Monday, May 30, 2011

The Dismal Political Economist Interviews John Maynard Keynes

[Editor’s Note:  This interview was difficult to obtain because Mr. Keynes is a very private person who does not like to speak on the record about his work or current economic events.  Also, he has been dead for over 60 years.]

Because of the severe nature of the current economic crisis and its implication for the entire globe going forward, The Dismal Political Economist felt that the most helpful thing he could do would be to obtain the views of John Maynard Keynes on the subject. Mr. Keynes is probably the most important economist of the past 100 years.

This interview is presented as a public service.

  1.  Welcome Mr. Keynes, to start off how would you characterize the difference between the Great Recession of 2008 and the Great Depression?

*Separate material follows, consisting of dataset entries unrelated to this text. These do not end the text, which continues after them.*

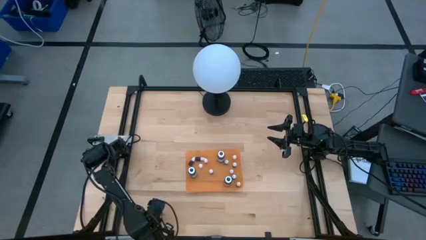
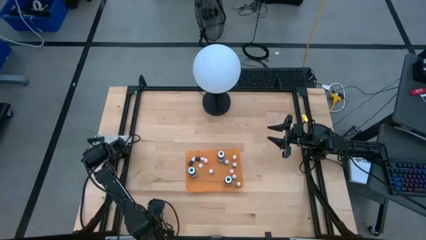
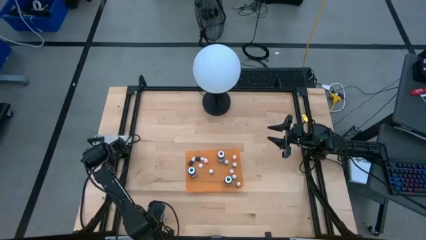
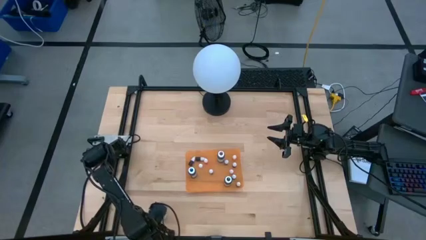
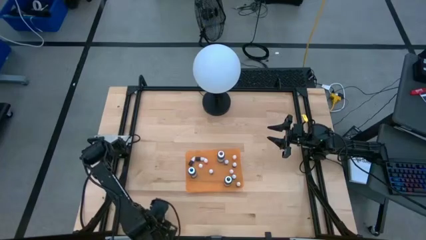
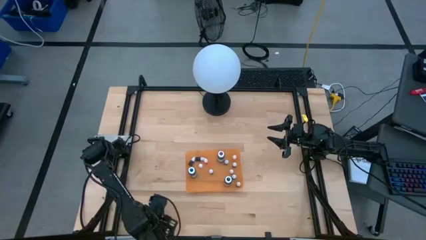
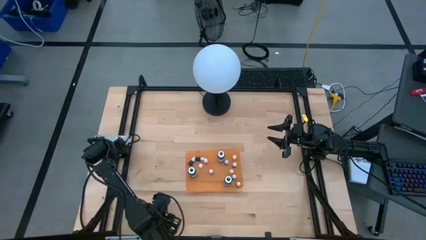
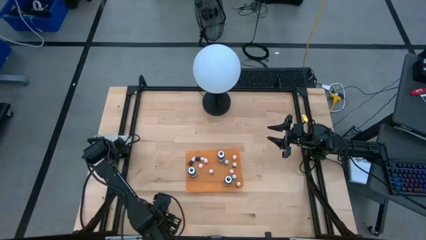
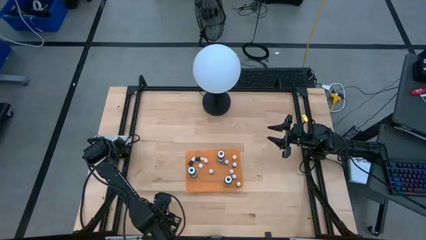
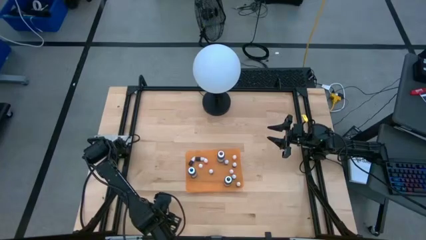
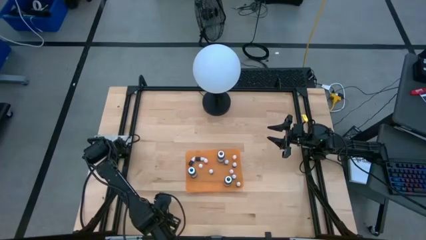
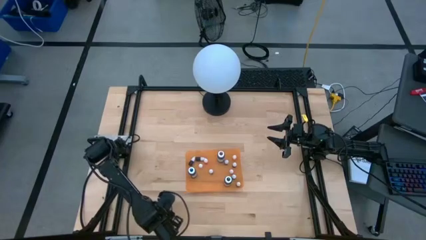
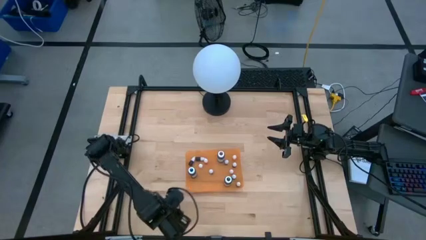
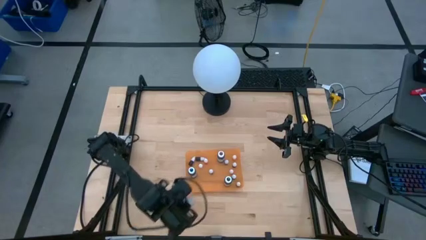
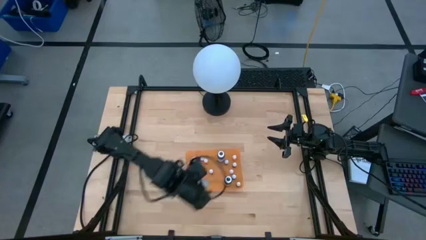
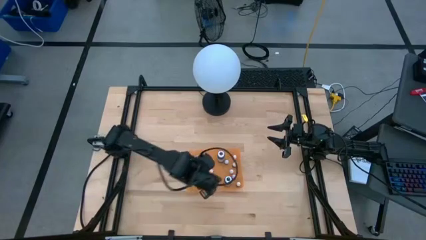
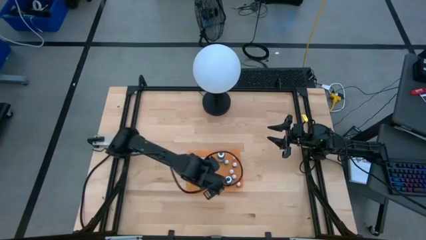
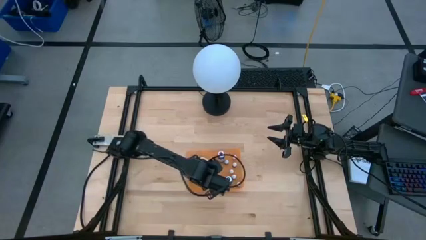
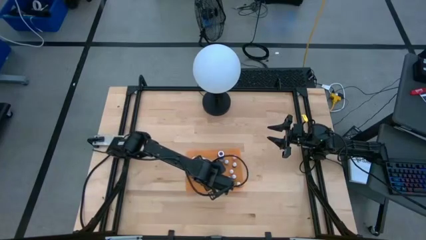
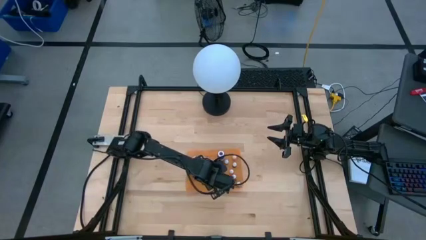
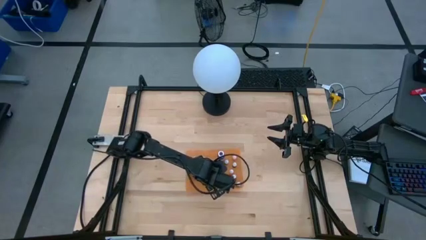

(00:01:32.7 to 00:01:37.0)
Task: Pick & Place food coloring
Put the large green food coloring bottle into the orange container
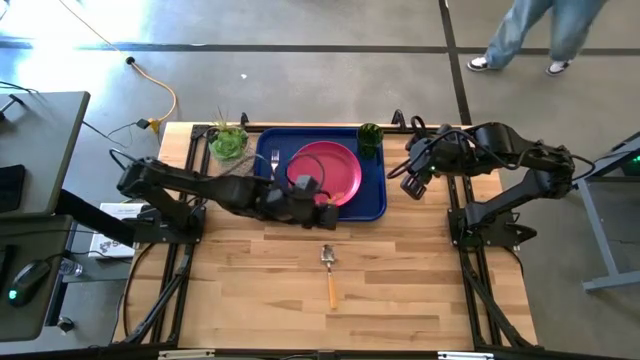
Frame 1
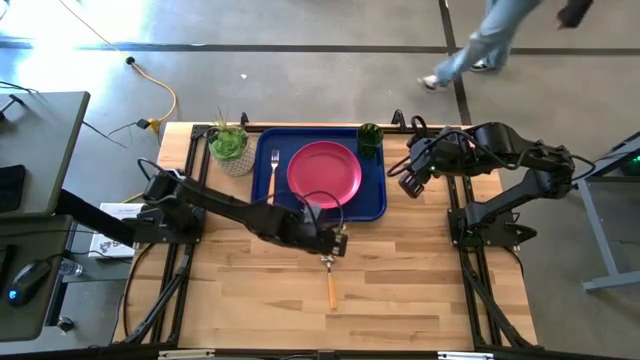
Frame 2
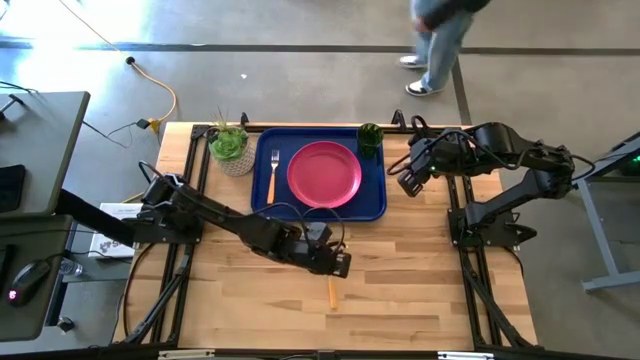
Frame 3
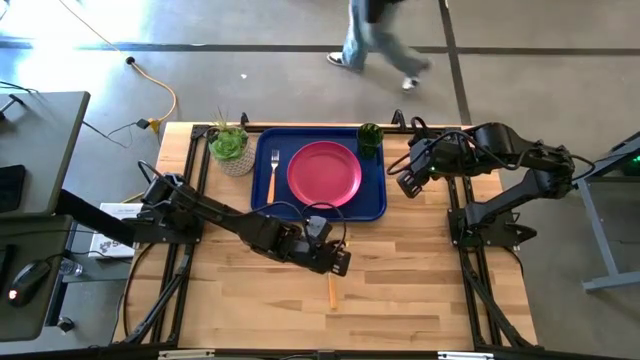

Mr. Keynes:  Well the Great Depression was caused by an asset bubble in the stock market and the collapse of the financial services and banking sectors brought on by mismanagement and lack of sufficient regulation.  The Great Recession of 2008 was caused by an asset bubble in real estate and real estate financing and the collapse of the financial services and banking sectors brought on by mismanagement and lack of sufficient regulation.

  1. Your home country, England, has adopted a policy of recovery from the economic slump by raising taxes and cutting government spending.  Is this the right thing to do.

Mr. Keynes:  Well yes, if you want to continue to economic conditions of low growth and high unemployment.  I assume Conservatives have taken over the Government.

  1. Well yes, but they say this will restore business confidence and they say that will lead to investment, hiring and economic growth.

Mr. Keynes:  Increases in Aggregate Demand lead to higher economic growth.  Didn’t they read the book?  Business doesn’t invest and hire because they feel good, they invest and hire because they think someone will buy what they are making and selling. 

  1. By book I assume you mean The General Theory of Employment, Interest and Money.  Is that material still relevant.

Mr. Keynes:  Yes, you people do still read don’t you?  For example, it warns against a liquidity trap where monetary policy essentially becomes useless as an expansion tool.  I don’t suppose you avoided that, did you.

  1. Well no, we didn’t.  In fact some economists and policy makers are trapped as we speak.  How do we get out of the Liquidity Trap?

Mr. Keynes:  You use fiscal policy to increase Aggregate Demand.  Increasing government spending is the best way to do this, since you can target specific areas, specific industries and specific pockets of unemployment.  Once you get the economy jump started, investment and growth will start to take the economy to full employment.  Just make sure you do it long enough and strong enough.

  1. Well Conservatives in the U. S. Congress want to cut government spending and decrease taxes on the very wealthy.  Will that work.

Mr. Keynes:  Well, not on this planet, maybe in some other solar system.  How exactly does firing government employees and firing employees in the private sector who provide service and goods to government return an economy to full employment?  And you need tax cuts directed at people who need the money and who will spend it on consumer goods to stimulate, you know, that  Aggregate Demand thing again.

Why would you let people like that into government?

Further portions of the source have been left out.